IBX-Jakarta. Indeks Harga Saham Gabungan (IHSG) kian mendekati level psikologis 7.000 pada perdagangan Rabu (7/5/2025). Hingga pukul 10.34 WIB, IHSG tercatat menguat 0,67% ke posisi 6.944,61. Nilai transaksi terbilang aktif, mencapai Rp5,68 triliun dengan volume perdagangan sebesar 9,7 miliar saham dari 608.692 kali transaksi.
Kenaikan hari ini memperpanjang reli IHSG yang telah berlangsung selama delapan hari berturut-turut. Dalam 18 hari perdagangan terakhir, IHSG hanya dua kali ditutup di zona merah. Sejak akhir perdagangan Rabu, 9 April 2025, indeks tercatat melesat 16%.
Selama April 2025, IHSG mencatatkan kenaikan 3,93%, dan ditutup di level 6.766,8 pada Rabu (30/4/2025).
Mengutip data Refinitiv, sejumlah saham menjadi incaran investor. Saham PT Aneka Tambang Tbk (ANTM) mencatat nilai transaksi tertinggi sebesar Rp839,2 miliar. Di posisi berikutnya ada PT Petrosea Tbk (PTRO) dengan Rp223,67 miliar dan PT Bank Mandiri (Persero) Tbk (BMRI) senilai Rp221,4 miliar.

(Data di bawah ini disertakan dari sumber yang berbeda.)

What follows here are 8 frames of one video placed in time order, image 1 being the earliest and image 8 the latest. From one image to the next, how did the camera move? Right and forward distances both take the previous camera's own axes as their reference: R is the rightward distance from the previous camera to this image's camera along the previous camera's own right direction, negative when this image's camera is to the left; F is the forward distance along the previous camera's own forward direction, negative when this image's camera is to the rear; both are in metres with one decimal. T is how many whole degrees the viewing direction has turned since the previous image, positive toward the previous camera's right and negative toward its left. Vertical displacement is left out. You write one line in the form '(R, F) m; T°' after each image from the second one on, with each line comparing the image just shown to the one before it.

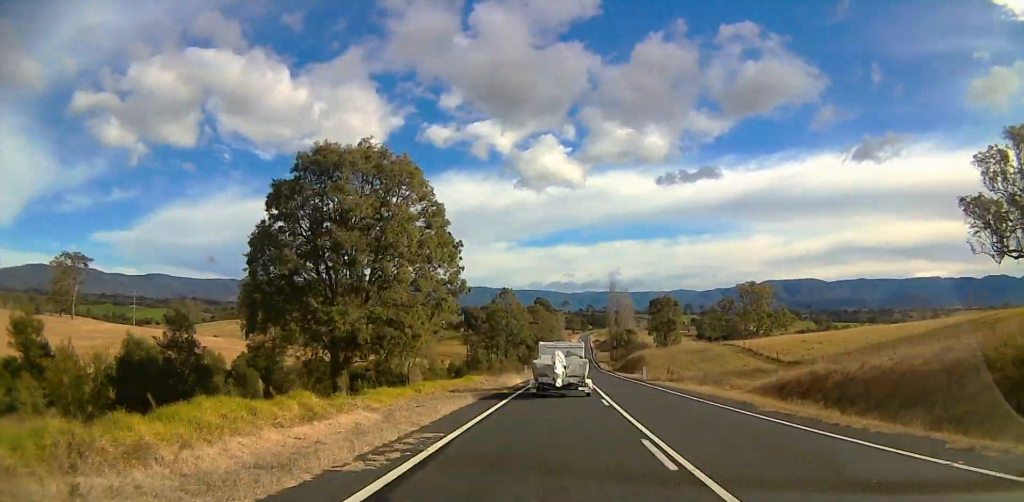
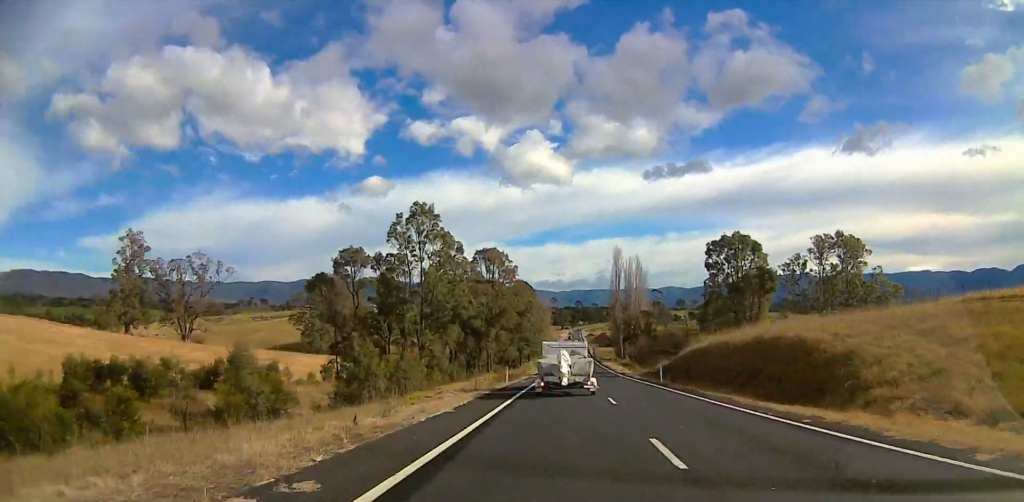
(+0.6, +60.6) m; +2°
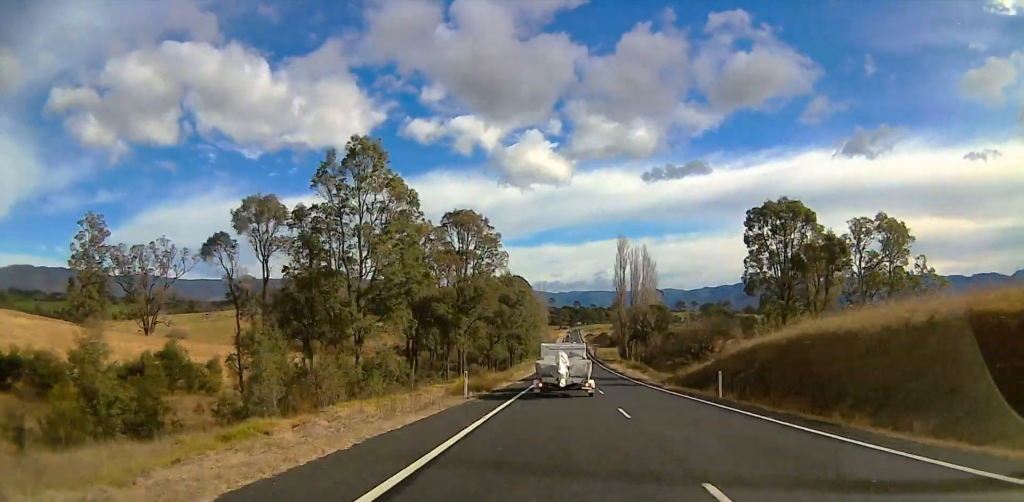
(+0.1, +15.9) m; 0°
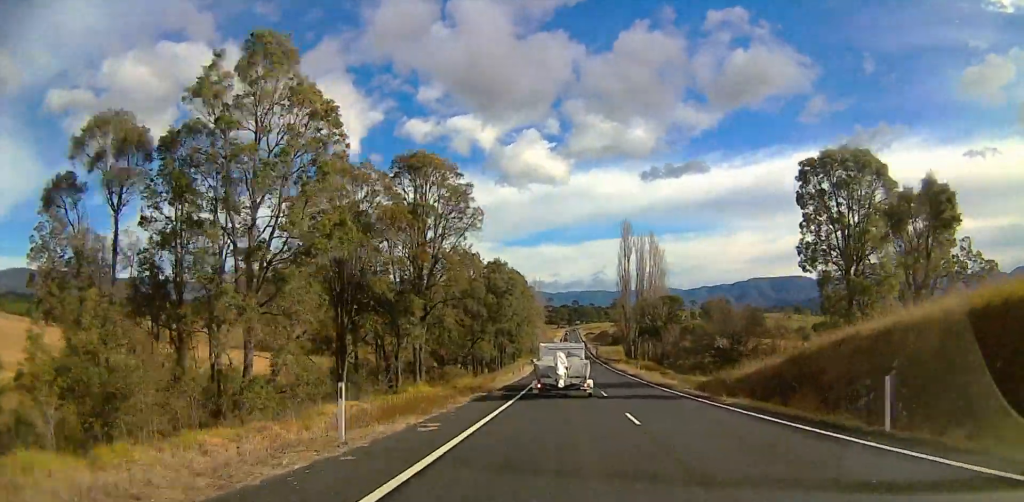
(0.0, +13.4) m; 0°
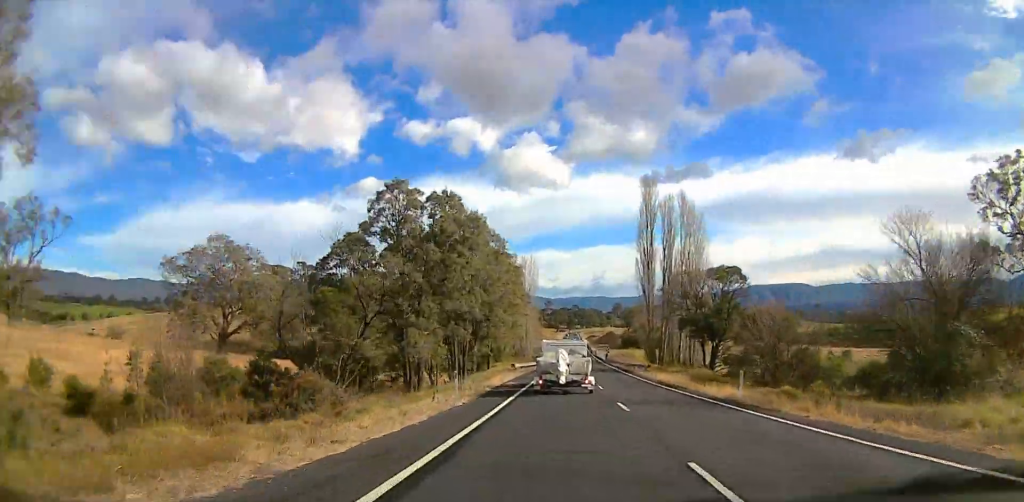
(0.0, +31.7) m; 0°
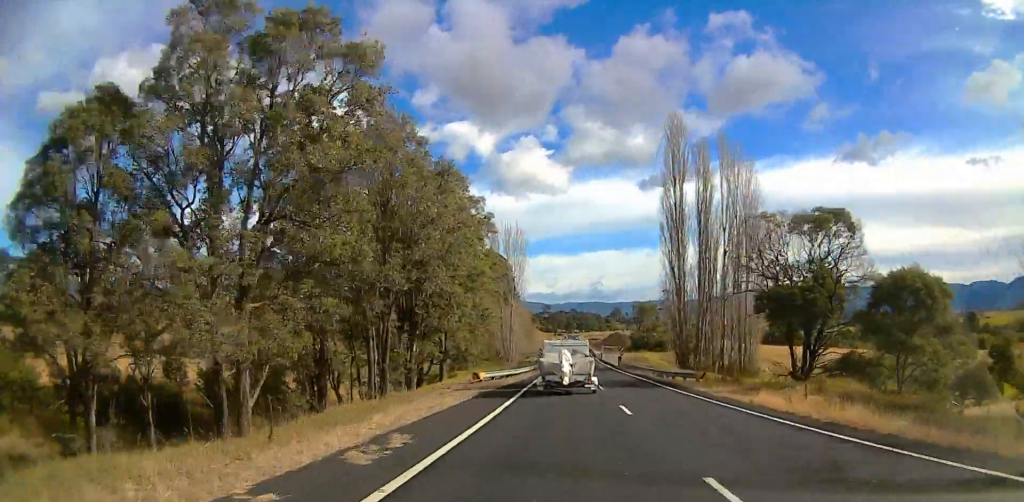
(0.0, +24.2) m; 0°
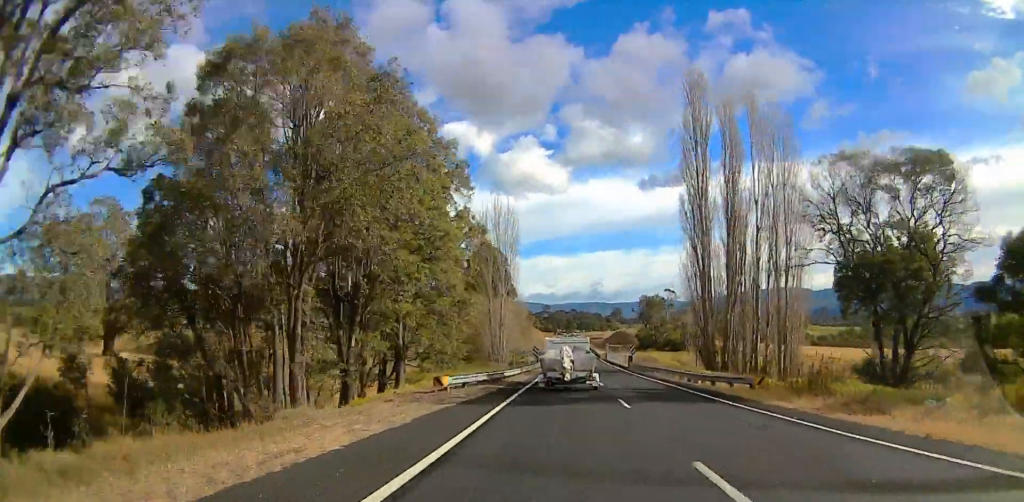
(0.0, +10.8) m; 0°
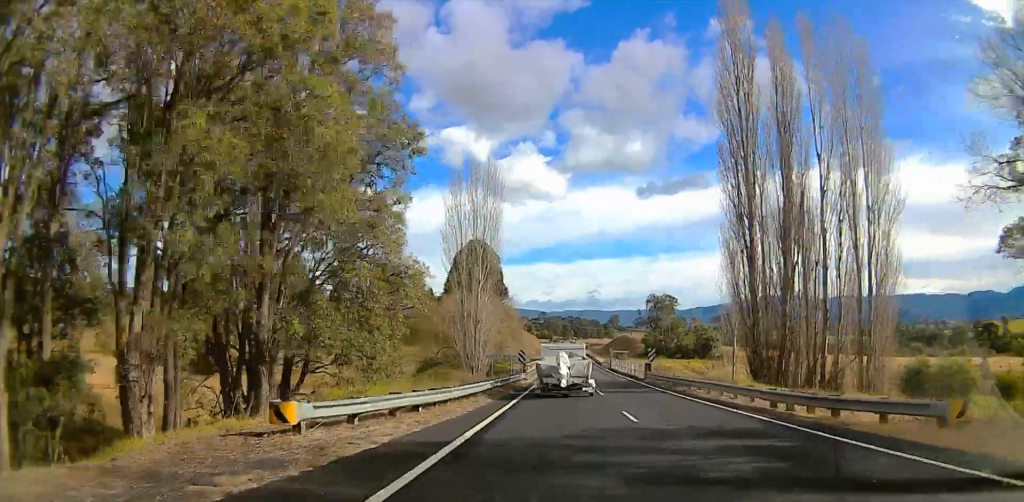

Kenaikan transaksi tersebut turut diiringi penguatan harga saham. ANTM naik 5,51% ke level Rp2.680, PTRO menguat 5,08% ke level Rp3.100, sementara BMRI terkoreksi tipis 0,1% ke posisi Rp4.980.
Sentimen eksternal turut memengaruhi pergerakan pasar hari ini. Fokus investor tertuju pada rapat Federal Open Market Committee (FOMC) The Federal Reserve yang berlangsung pada Selasa-Rabu waktu AS, atau Rabu malam hingga Kamis dini hari waktu Indonesia. Selain itu, fluktuasi harga komoditas global juga menjadi penggerak pasar.
Di sisi lain, harga emas melonjak tajam pada perdagangan Selasa (6/5/2025), ditutup menguat 2,91% ke level US$3.430,83 per troy ons, kembali menembus level US$3.400. Dalam dua hari terakhir, harga emas telah melesat hampir 6%.
Namun pada pagi ini, Rabu (7/5/2025) pukul 05.45 WIB, harga emas kembali terkoreksi 1% ke posisi US$3.395 per troy ons.